那覇市青年団体連絡会が飲酒運転撲滅へ団結という記事
琉球新報の記事 

この試み、居酒屋さんに飲酒運転を撲滅するよう協力を求めるというもの
飲酒運転を厳罰化しても、そもそもそのような法律を守ろうとしない人にまで、刑罰が重くなったというメッセージはなかなか伝わらないですし、酒を提供するところから改善しようという試みはすごくインパクトがあると思います。


この活動、実際にやっていることは、
”各居酒屋には車を運転する意思の確認、運転代行やタクシー利用の呼び掛けなどを客に対して徹底するよう協力を求めるほか、ポスターやのぼり旗を用いて飲酒運転撲滅を店内でアピールしてもらう。
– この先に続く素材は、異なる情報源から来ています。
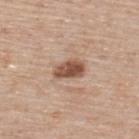notes: catalogued during a skin exam; not biopsied | body site: the upper back | image-analysis metrics: an area of roughly 6.5 mm², an outline eccentricity of about 0.75 (0 = round, 1 = elongated), and a symmetry-axis asymmetry near 0.2; a mean CIELAB color near L≈52 a*≈21 b*≈29; a border-irregularity rating of about 2/10, a within-lesion color-variation index near 4/10, and radial color variation of about 1.5; lesion-presence confidence of about 100/100 | acquisition: 15 mm crop, total-body photography | subject: male, aged around 75 | size: ≈3.5 mm.
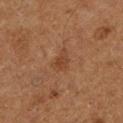Recorded during total-body skin imaging; not selected for excision or biopsy.
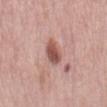Located on the mid back.
Cropped from a whole-body photographic skin survey; the tile spans about 15 mm.
The subject is a female about 65 years old.
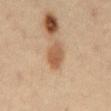This lesion was catalogued during total-body skin photography and was not selected for biopsy. This is a cross-polarized tile. A 15 mm close-up tile from a total-body photography series done for melanoma screening. A male patient aged approximately 40. Longest diameter approximately 4 mm. On the abdomen.
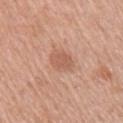biopsy_status: not biopsied; imaged during a skin examination
image:
  source: total-body photography crop
  field_of_view_mm: 15
patient:
  sex: female
  age_approx: 45
site: arm
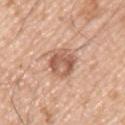The lesion was photographed on a routine skin check and not biopsied; there is no pathology result. Located on the arm. This image is a 15 mm lesion crop taken from a total-body photograph. The recorded lesion diameter is about 4.5 mm. This is a white-light tile. A male subject, aged 53 to 57.
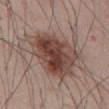This lesion was catalogued during total-body skin photography and was not selected for biopsy.
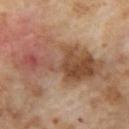No biopsy was performed on this lesion — it was imaged during a full skin examination and was not determined to be concerning. The lesion is on the left thigh. Cropped from a total-body skin-imaging series; the visible field is about 15 mm. The total-body-photography lesion software estimated a footprint of about 26 mm² and two-axis asymmetry of about 0.6. The analysis additionally found a lesion color around L≈49 a*≈20 b*≈30 in CIELAB and a lesion–skin lightness drop of about 12. The analysis additionally found a border-irregularity index near 9/10, a color-variation rating of about 7.5/10, and peripheral color asymmetry of about 2. It also reported a classifier nevus-likeness of about 0/100 and a lesion-detection confidence of about 100/100. The subject is a female roughly 55 years of age. Measured at roughly 10.5 mm in maximum diameter.
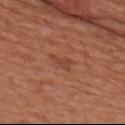Clinical impression: The lesion was tiled from a total-body skin photograph and was not biopsied. Context: The recorded lesion diameter is about 2.5 mm. From the back. A male patient, roughly 65 years of age. Captured under white-light illumination. A 15 mm close-up extracted from a 3D total-body photography capture. The lesion-visualizer software estimated border irregularity of about 5 on a 0–10 scale and a within-lesion color-variation index near 0/10.
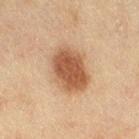biopsy status=total-body-photography surveillance lesion; no biopsy | lesion diameter=~5.5 mm (longest diameter) | image=total-body-photography crop, ~15 mm field of view | location=the right thigh | illumination=cross-polarized | automated metrics=a footprint of about 17 mm², an eccentricity of roughly 0.7, and two-axis asymmetry of about 0.15; a lesion-detection confidence of about 100/100 | patient=female, aged 53 to 57.
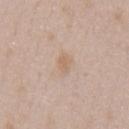Q: Was a biopsy performed?
A: total-body-photography surveillance lesion; no biopsy
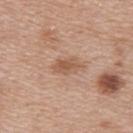Case summary:
- image source — ~15 mm tile from a whole-body skin photo
- lighting — white-light illumination
- subject — female, approximately 40 years of age
- anatomic site — the upper back
- image-analysis metrics — a footprint of about 5 mm² and a symmetry-axis asymmetry near 0.3; a mean CIELAB color near L≈56 a*≈20 b*≈31, about 9 CIELAB-L* units darker than the surrounding skin, and a normalized border contrast of about 6.5; internal color variation of about 2 on a 0–10 scale; a classifier nevus-likeness of about 0/100 and a lesion-detection confidence of about 100/100
- size — about 3.5 mm
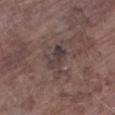<lesion>
<biopsy_status>not biopsied; imaged during a skin examination</biopsy_status>
<image>
  <source>total-body photography crop</source>
  <field_of_view_mm>15</field_of_view_mm>
</image>
<site>left lower leg</site>
<automated_metrics>
  <cielab_L>37</cielab_L>
  <cielab_a>13</cielab_a>
  <cielab_b>15</cielab_b>
  <vs_skin_darker_L>8.0</vs_skin_darker_L>
  <vs_skin_contrast_norm>7.5</vs_skin_contrast_norm>
</automated_metrics>
<patient>
  <sex>male</sex>
  <age_approx>75</age_approx>
</patient>
<lighting>white-light</lighting>
<lesion_size>
  <long_diameter_mm_approx>3.0</long_diameter_mm_approx>
</lesion_size>
</lesion>
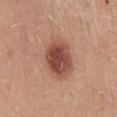Q: Was a biopsy performed?
A: imaged on a skin check; not biopsied
Q: What are the patient's age and sex?
A: male, aged around 25
Q: Lesion size?
A: ≈5 mm
Q: How was the tile lit?
A: white-light illumination
Q: Automated lesion metrics?
A: an average lesion color of about L≈49 a*≈24 b*≈27 (CIELAB), about 14 CIELAB-L* units darker than the surrounding skin, and a normalized lesion–skin contrast near 9.5; a border-irregularity index near 1.5/10, a within-lesion color-variation index near 5.5/10, and a peripheral color-asymmetry measure near 1.5; a nevus-likeness score of about 100/100
Q: Where on the body is the lesion?
A: the mid back
Q: What is the imaging modality?
A: 15 mm crop, total-body photography
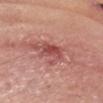Q: Was this lesion biopsied?
A: imaged on a skin check; not biopsied
Q: Where on the body is the lesion?
A: the head or neck
Q: Who is the patient?
A: male, aged 63–67
Q: How was this image acquired?
A: ~15 mm tile from a whole-body skin photo
Q: Illumination type?
A: white-light illumination
Q: How large is the lesion?
A: about 4 mm
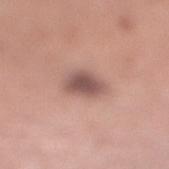The lesion is located on the right lower leg.
This image is a 15 mm lesion crop taken from a total-body photograph.
A female subject roughly 30 years of age.

”
ということだそうですが、このようなことが徹底されれば、飲酒運転は減ることでしょうね。

 ただ、居酒屋としては、飲酒してくれるのはお客さんであり、取り締まりの対象ではありませんから、経営との兼ね合いが難しいことかもしれませんが。
 居酒屋がこのような活動に携わることにより、経営的にもプラスになるという世の中がくれば、飲酒運転は激減すると思います。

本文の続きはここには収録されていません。